• **WHAT IS EXPECTED**
Below are the records; reproduce all of them exactly but without any images.

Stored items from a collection
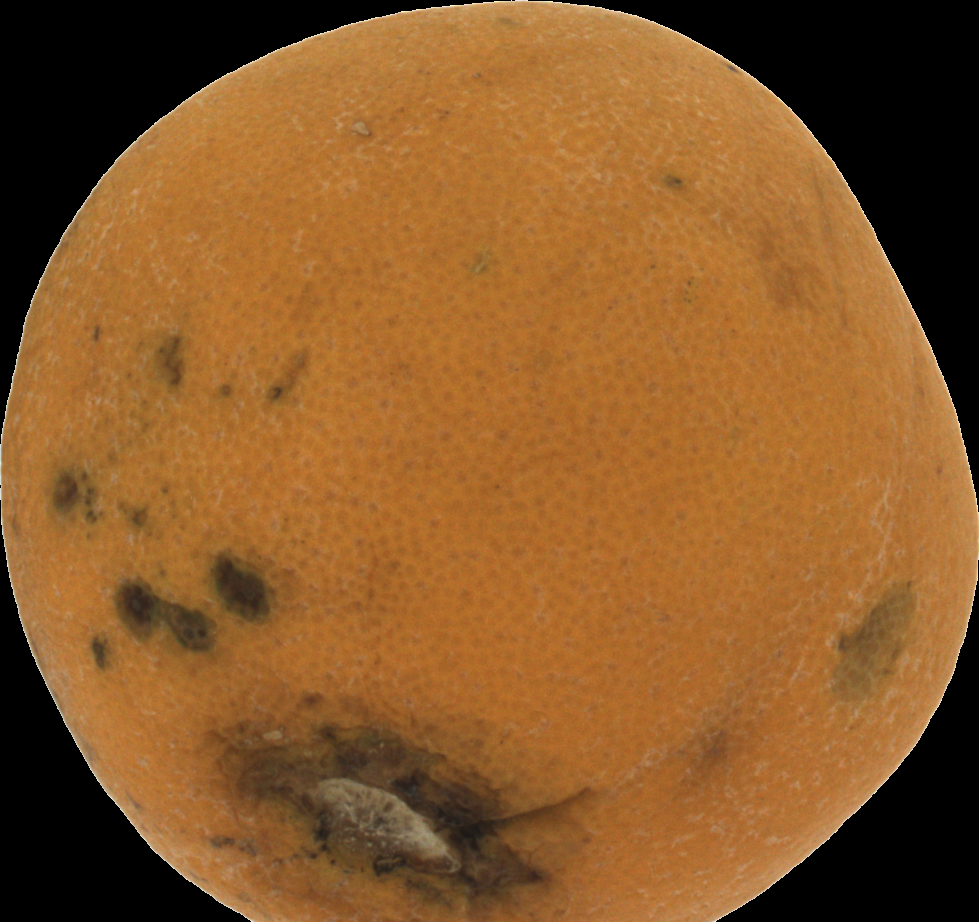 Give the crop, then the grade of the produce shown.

orange, bad
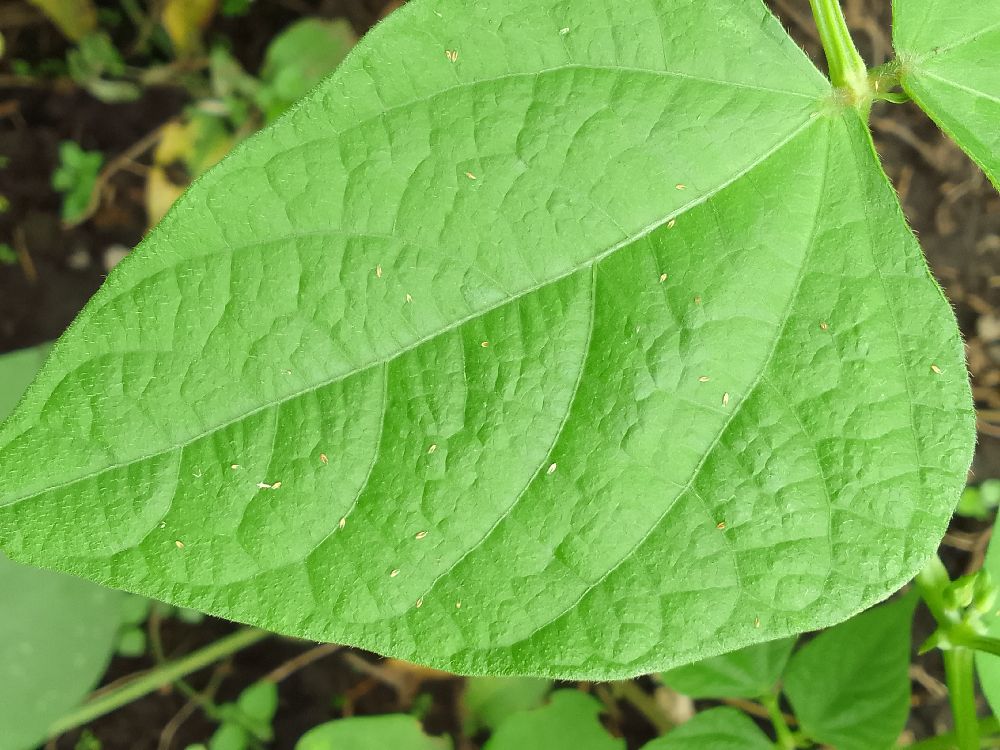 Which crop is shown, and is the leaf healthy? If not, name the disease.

common bean, healthy
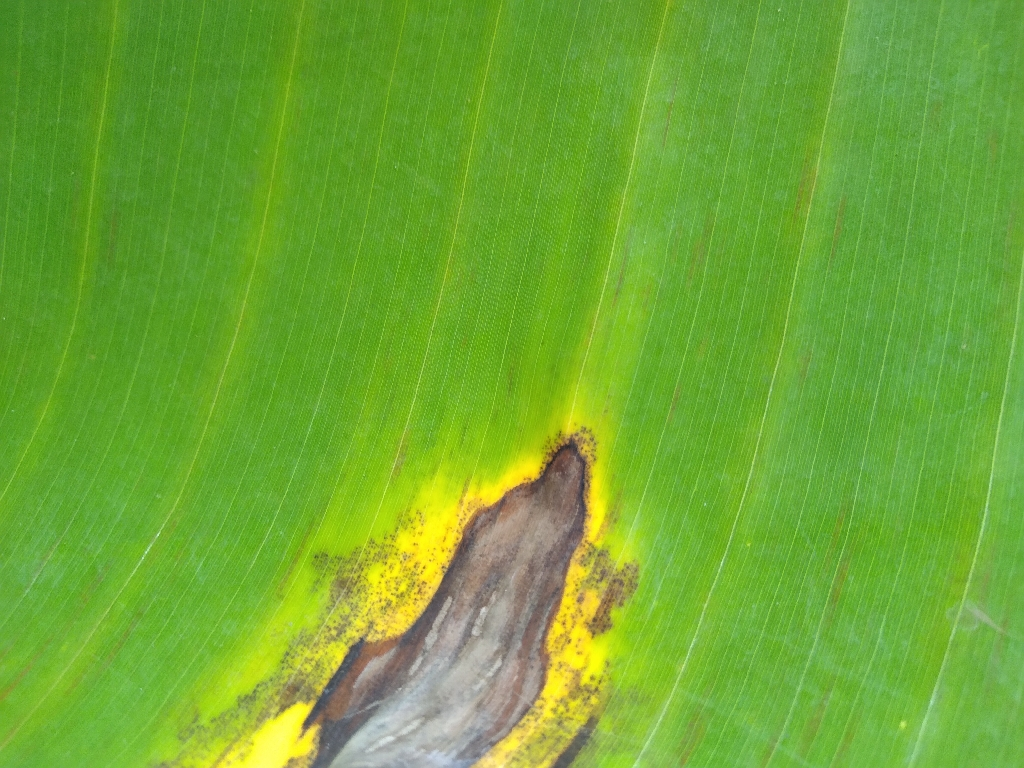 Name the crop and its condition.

banana, black sigatoka
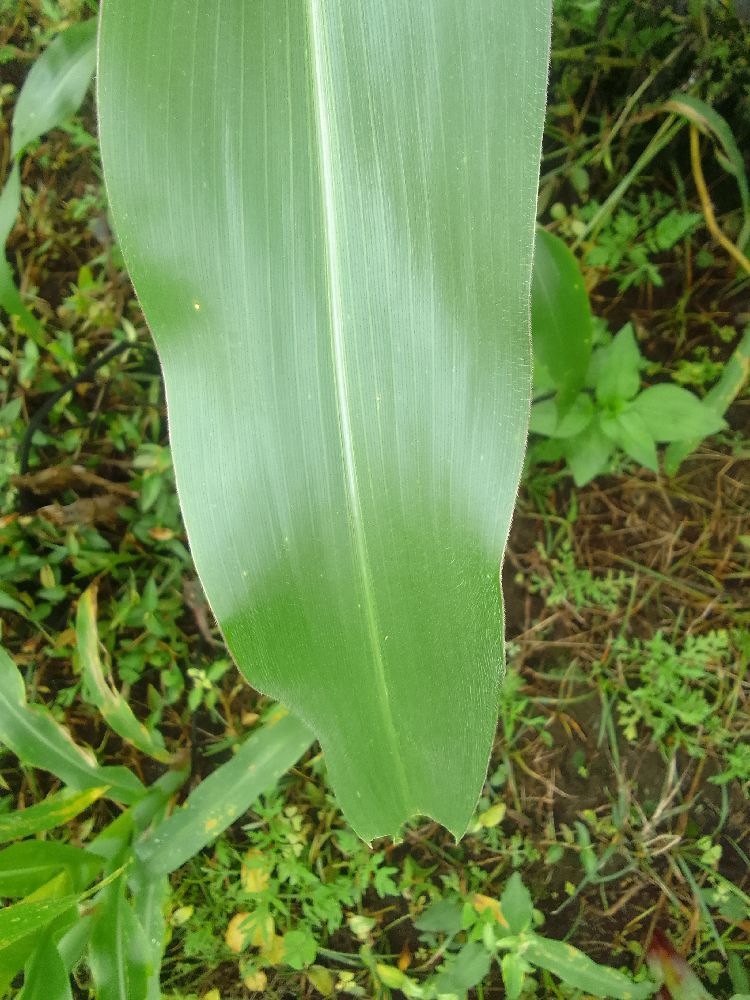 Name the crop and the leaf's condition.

maize, healthy
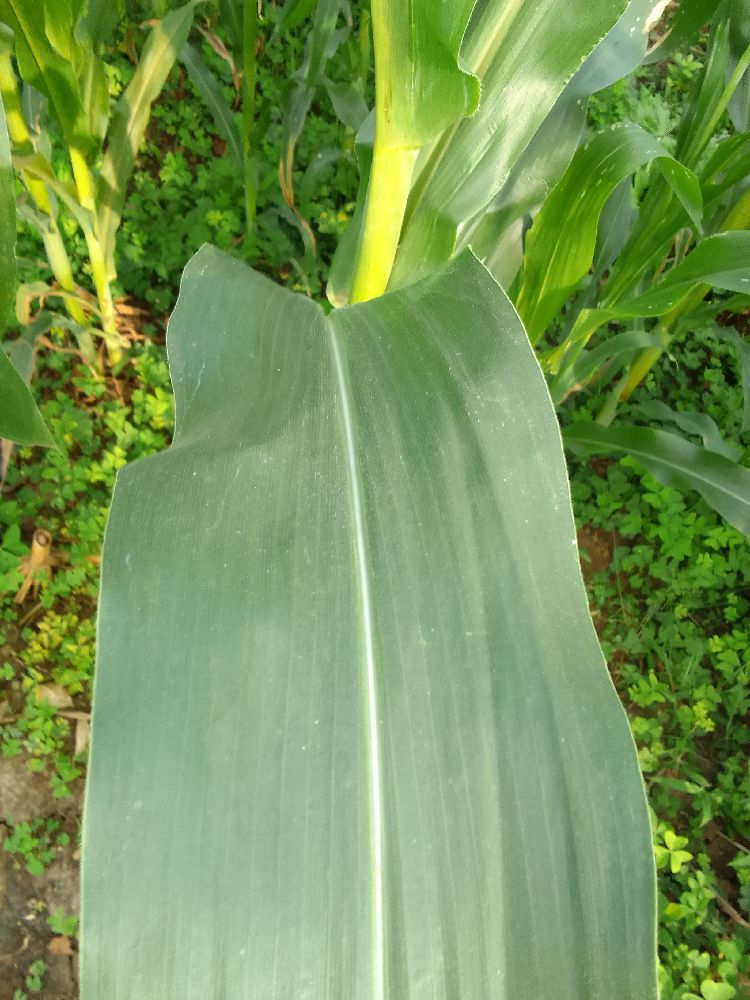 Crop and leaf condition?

maize, healthy
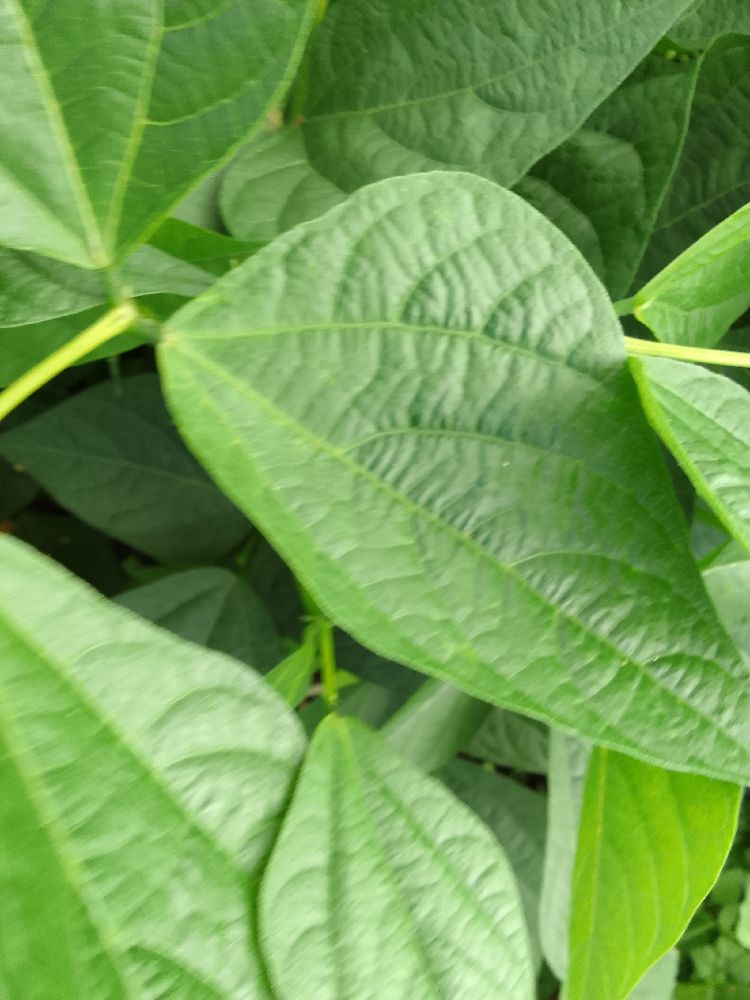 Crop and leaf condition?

common bean, healthy
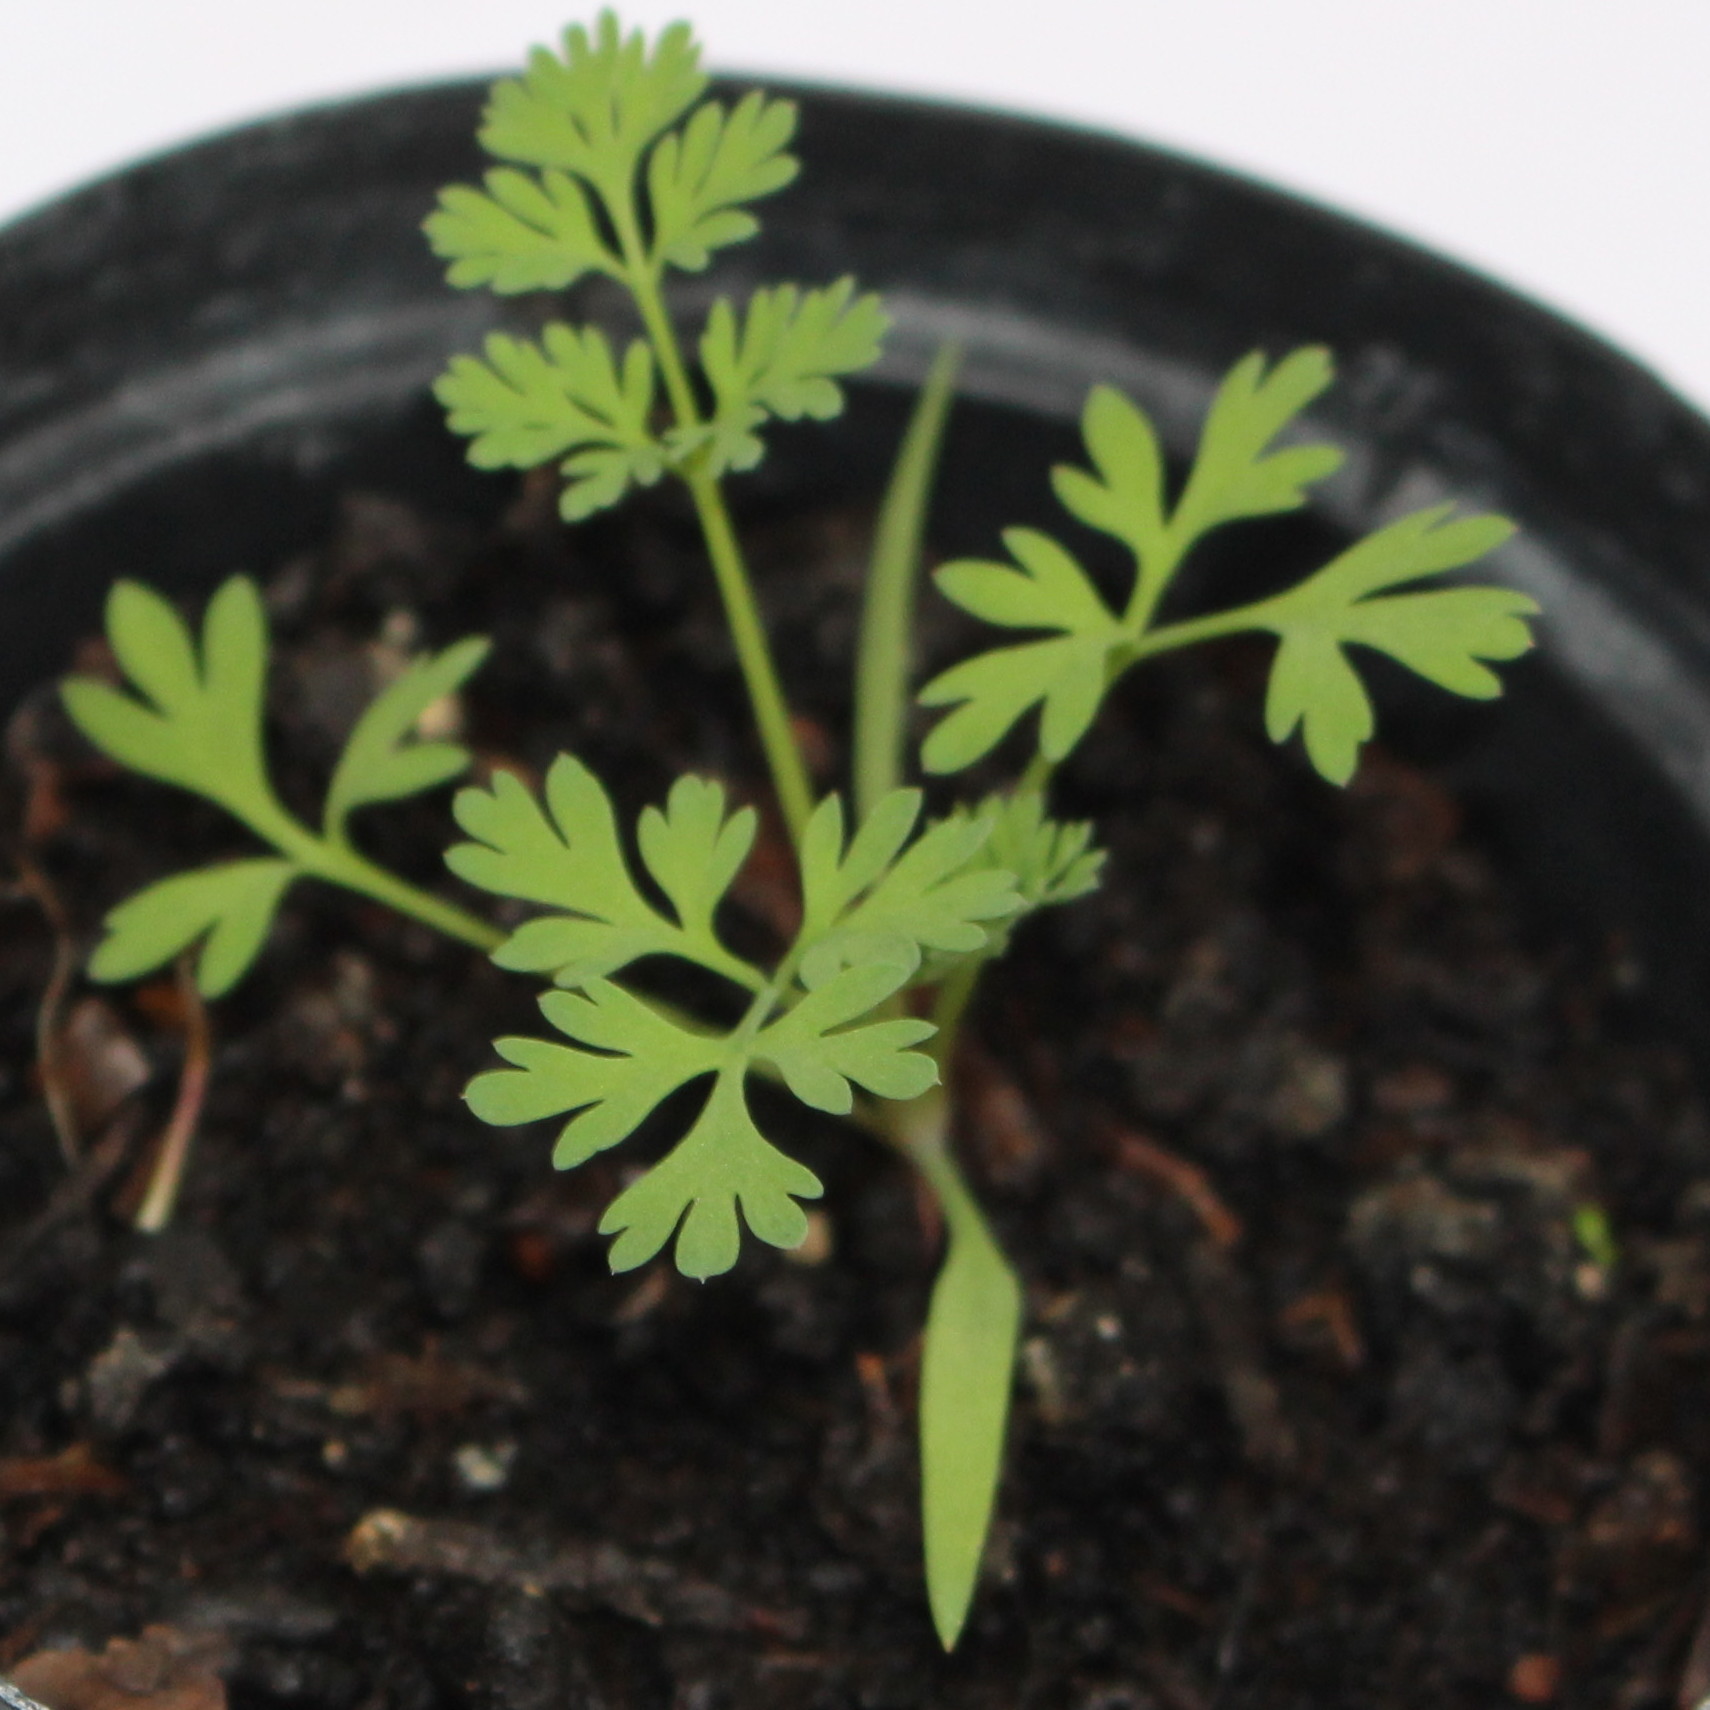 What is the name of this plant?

Fumaria officinalis

• **EXERCISE RESULT**
 Give the crop, then the grade of the produce shown.

orange, bad
 Which crop is shown, and is the leaf healthy? If not, name the disease.

common bean, healthy
 Name the crop and its condition.

banana, black sigatoka
 Name the crop and the leaf's condition.

maize, healthy
 Crop and leaf condition?

maize, healthy
 Crop and leaf condition?

common bean, healthy
 What is the name of this plant?

Fumaria officinalis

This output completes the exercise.